» **Assignment**:
Copy every entry exactly as it stands, though any image it holds should stay out of the copy.

» **Data listing**:
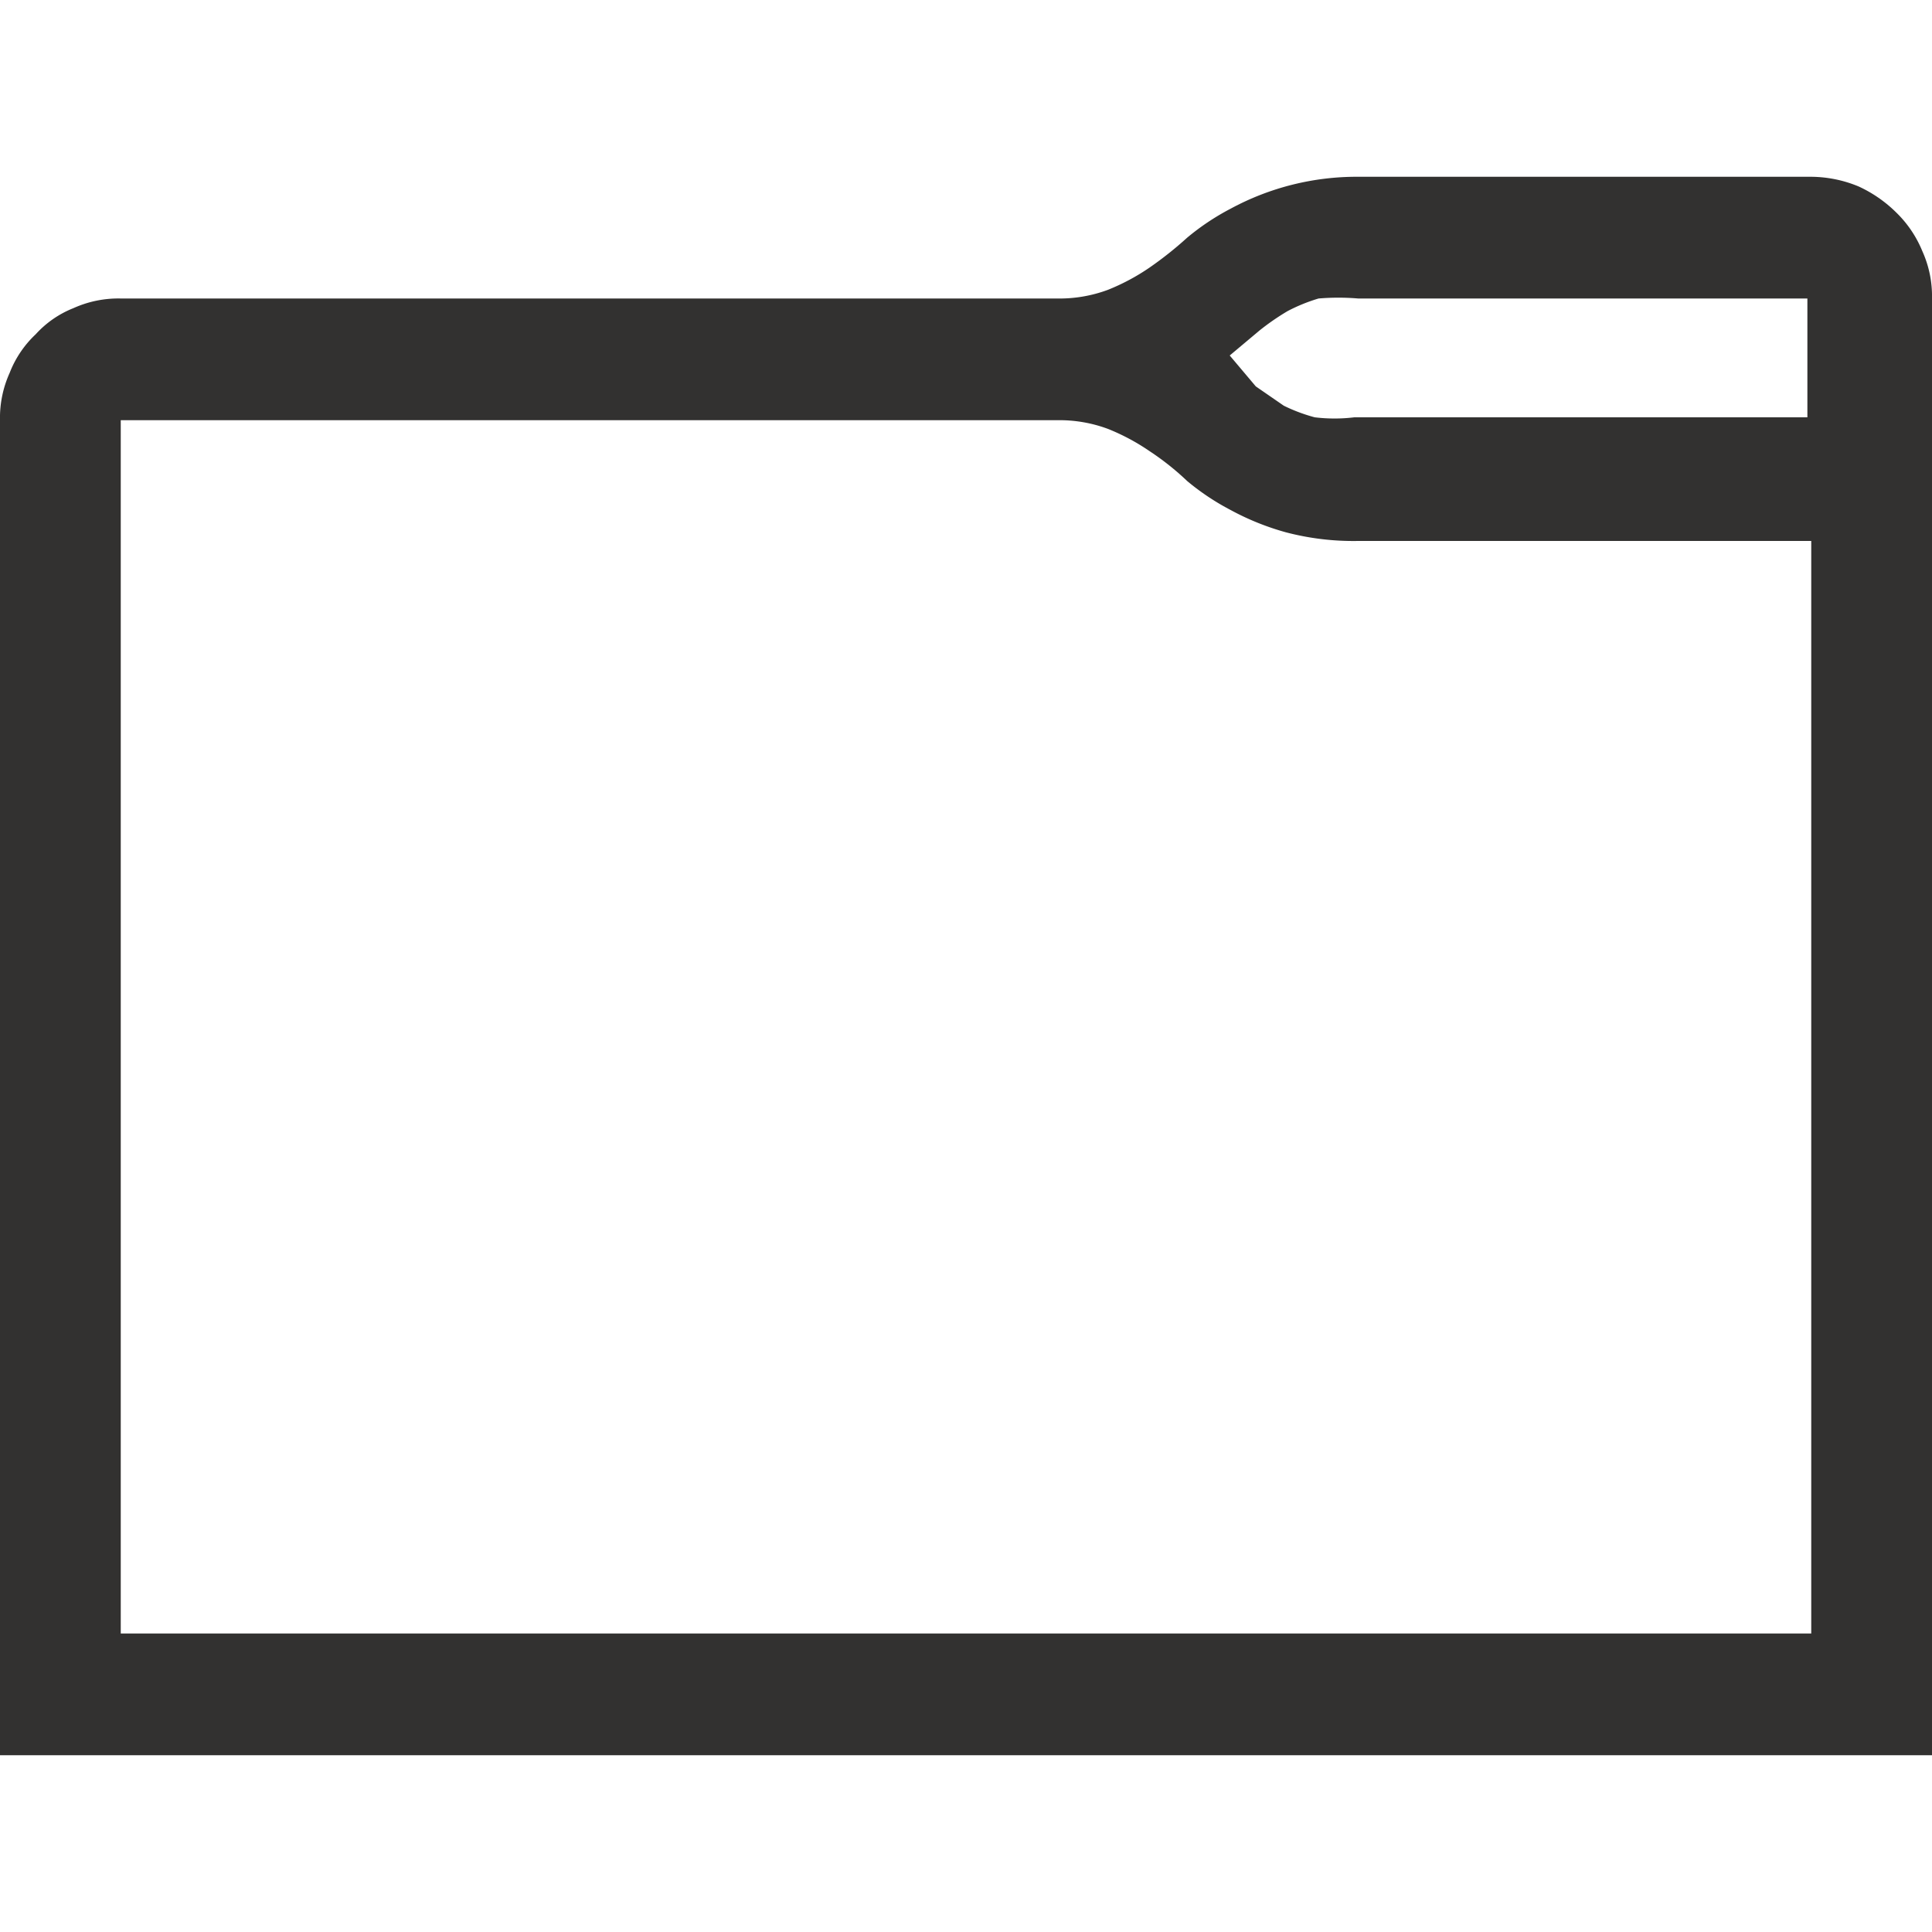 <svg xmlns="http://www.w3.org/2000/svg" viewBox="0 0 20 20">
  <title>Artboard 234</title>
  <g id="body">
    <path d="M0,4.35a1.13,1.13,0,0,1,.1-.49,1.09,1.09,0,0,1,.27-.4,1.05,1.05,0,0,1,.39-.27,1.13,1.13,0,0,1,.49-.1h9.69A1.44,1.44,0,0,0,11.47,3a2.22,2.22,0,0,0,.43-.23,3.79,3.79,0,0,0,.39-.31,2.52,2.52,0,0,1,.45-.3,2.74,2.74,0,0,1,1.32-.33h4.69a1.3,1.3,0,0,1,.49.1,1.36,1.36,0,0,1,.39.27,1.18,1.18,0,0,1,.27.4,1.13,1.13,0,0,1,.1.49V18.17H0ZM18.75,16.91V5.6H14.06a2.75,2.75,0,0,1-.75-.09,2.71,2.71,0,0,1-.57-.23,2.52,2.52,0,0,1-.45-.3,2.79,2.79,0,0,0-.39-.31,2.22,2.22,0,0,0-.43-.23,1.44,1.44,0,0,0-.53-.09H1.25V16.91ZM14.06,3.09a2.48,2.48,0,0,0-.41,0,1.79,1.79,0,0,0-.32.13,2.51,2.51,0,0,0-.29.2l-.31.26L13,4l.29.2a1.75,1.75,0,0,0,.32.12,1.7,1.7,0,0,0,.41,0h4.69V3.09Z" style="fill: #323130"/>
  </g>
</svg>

» **Your solution**:
 <svg xmlns="http://www.w3.org/2000/svg" viewBox="0 0 20 20">
  <title>Artboard 234</title>
  <g id="body">
    <path d="M0,4.35a1.13,1.13,0,0,1,.1-.49,1.09,1.09,0,0,1,.27-.4,1.05,1.05,0,0,1,.39-.27,1.13,1.13,0,0,1,.49-.1h9.69A1.44,1.44,0,0,0,11.47,3a2.22,2.22,0,0,0,.43-.23,3.79,3.79,0,0,0,.39-.31,2.52,2.52,0,0,1,.45-.3,2.74,2.74,0,0,1,1.32-.33h4.69a1.3,1.3,0,0,1,.49.1,1.36,1.36,0,0,1,.39.27,1.18,1.18,0,0,1,.27.4,1.13,1.13,0,0,1,.1.49V18.17H0ZM18.75,16.91V5.6H14.06a2.75,2.75,0,0,1-.75-.09,2.71,2.71,0,0,1-.57-.23,2.52,2.52,0,0,1-.45-.3,2.79,2.79,0,0,0-.39-.31,2.22,2.22,0,0,0-.43-.23,1.44,1.44,0,0,0-.53-.09H1.25V16.91ZM14.06,3.09a2.48,2.48,0,0,0-.41,0,1.79,1.79,0,0,0-.32.13,2.51,2.51,0,0,0-.29.2l-.31.26L13,4l.29.2a1.75,1.75,0,0,0,.32.12,1.7,1.7,0,0,0,.41,0h4.69V3.09Z" style="fill: #323130"/>
  </g>
</svg>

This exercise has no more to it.